Checking date: 15/07/2023


Course: 2023/2024

Data Programming
(19138)
Master in Computational Social Science (Plan: 472 - Estudio: 375)
EPC


Coordinating teacher: UCAR MARQUES, IÑAKI

Department assigned to the subject: Statistics Department

Type: Compulsory
ECTS Credits: 6.0 ECTS

Course:
Semester:




Requirements (Subjects that are assumed to be known)
Introduction to Programming with R (19151)
Objectives
- Knowledge of data programming structures and procedures. - Ability to import tabular data in a variety of formats with the R programming language. - Ability to work with remote databases. - Ability to prepare, clean, transform and enrich tabular data for further modeling and visualization with R and SQL programming languages.
Skills and learning outcomes
Description of contents: programme
1. R base programming 1.1. Introduction to R ecosystem 1.2. Introduction to RStudio.
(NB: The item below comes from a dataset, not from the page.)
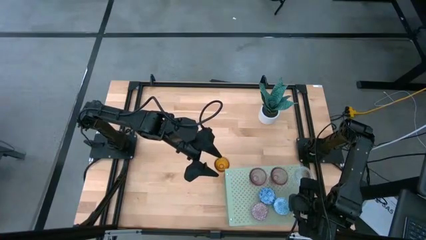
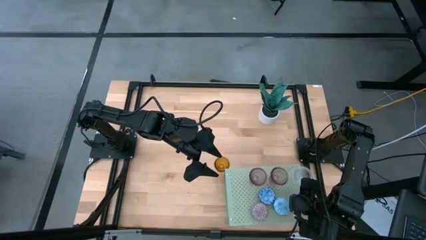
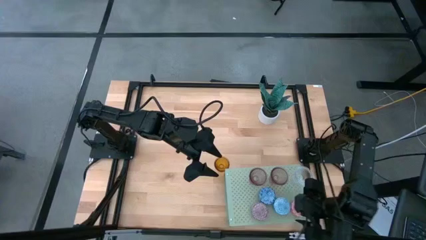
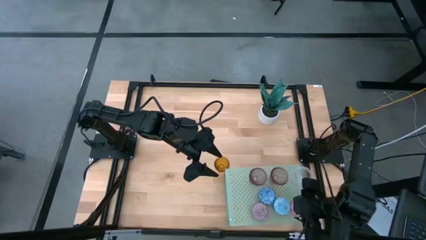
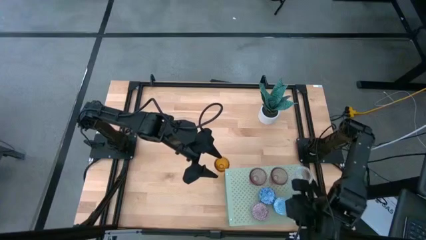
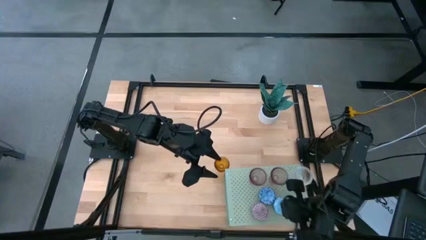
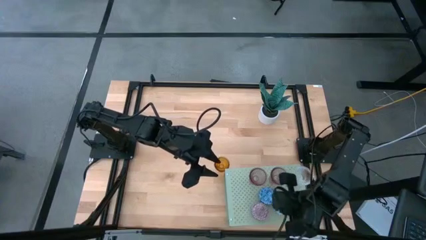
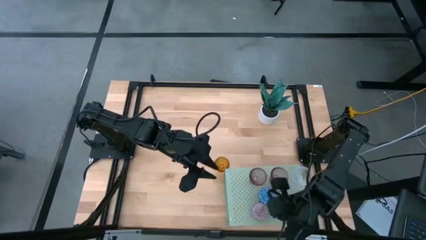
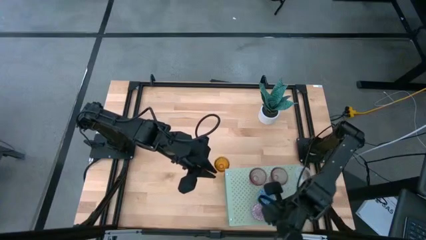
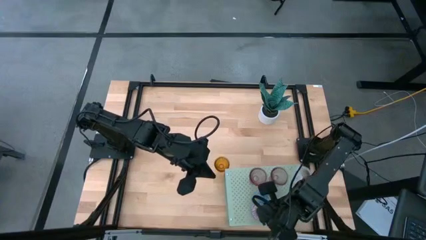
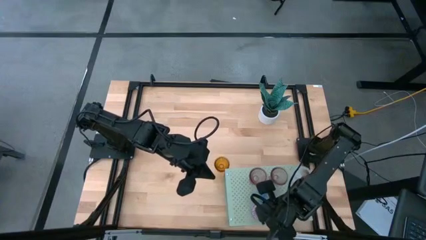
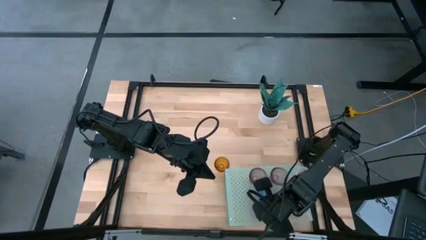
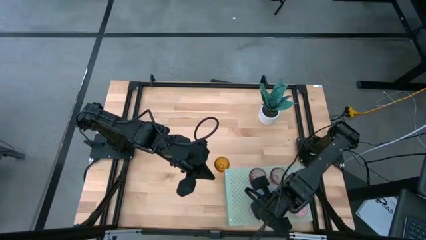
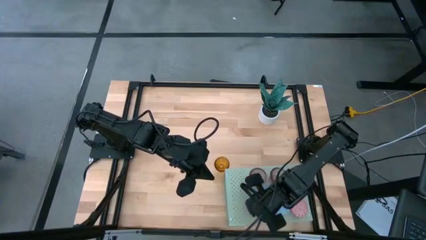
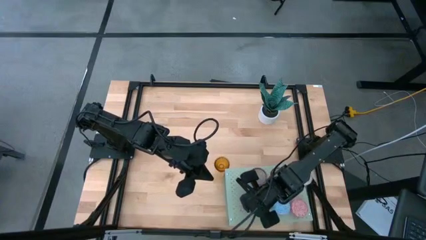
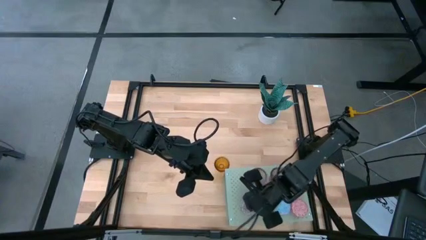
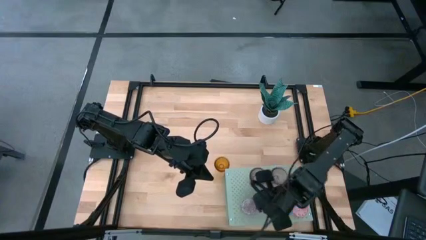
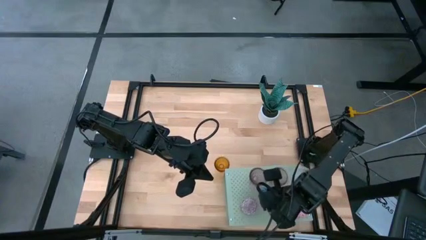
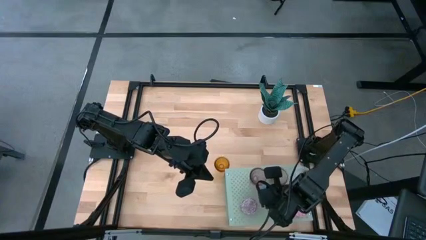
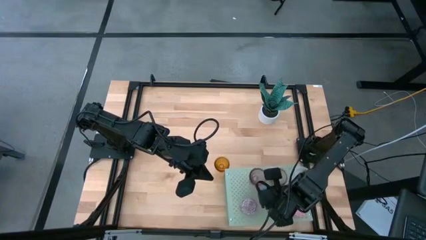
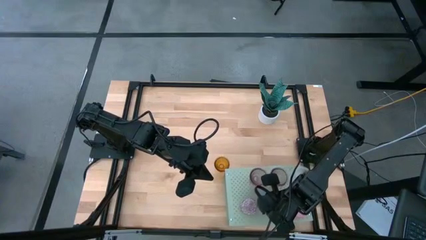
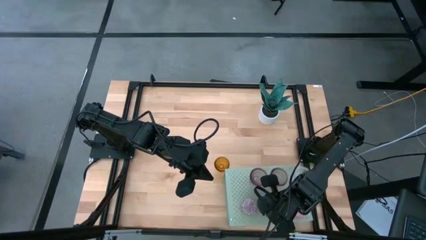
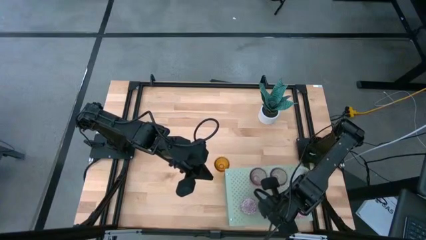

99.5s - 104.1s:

Working with projects 1.3. Basic data types 1.4. First uses of functions and packages. Basic operations 1.5. Understanding errors 2. From cell to dataset 2.1. Concatenate values: vectors (variables) 2.2. Basic operations with vectors 2.3. Loops vs. vectorial programming. Control flow estructures 2.4. First databases: matrices and data.frames 2.5. Tibbles as standard type for databases. Datapasta package 3. Tidy data 3.1. R base vs. tidyverse. Pipe operator 3.2. Principles of tidy data: tidy vs. messy data 3.3. Pivoting datasets 4. RMarkdown and quarto: report results 5. Tidyverse 5.1. Operations by rows. Cleaning data: NA values and duplicates 5.2. Operations by columns 5.3. Aggregating and recategorizing variables 5.4. Group variables: group_by and .by 5.5. Summaries 5.6. Joining datasets 5.7. Import/export from/to different formats 5.8. Use of APIs 6. Advanced data types 6.1. Categorical variables: forcats package 6.2. Handling characters: stringr package 6.3. Handling dates: lubridate package 6.4. Handling lists: purrr package. Functional programming 7. Advanced data management 7.1. dbplyr package: from tidyverse to SQL 7.2. arrow package: handling massive databases 8. SQL programming 8.1. Introduction to relational databases 8.2. Data handling and querying 8.3. Complex queries, aggregations and subqueries 8.4. Joining tables
Learning activities and methodology
Training Activities: - Theoretical-practical classes - Tutorials - Group work - Individual student work Teaching Methods: - Presentations in the professor's lecture room with computer and audiovisual support, in which the main concepts of the subject are developed and a bibliography is provided to complement the students' learning. - Resolution of practical cases, problems, etc. raised by the professor, either individually or in a group. - Presentation and discussion in class, under the moderation of the professor, of topics related to the content of the subject, as well as practical case studies. - Developing pieces of work and reports, individually or in group.
Assessment System
  • % end-of-term-examination 0
  • % of continuous assessment (assigments, laboratory, practicals...) 100

Basic Bibliography
  • Hadley Wickham. R for Data Science. O¿Reilly. 2017
Additional Bibliography
  • Chester Ismay and Albert Y. Kim. Statistical Inference via Data Science: a Modern Dive into R and the tidyverse. Chapman & Hall. 2022
  • Steph Locke. Data Manipulation in R. Locke Data. 2017

The course syllabus may change due academic events or other reasons.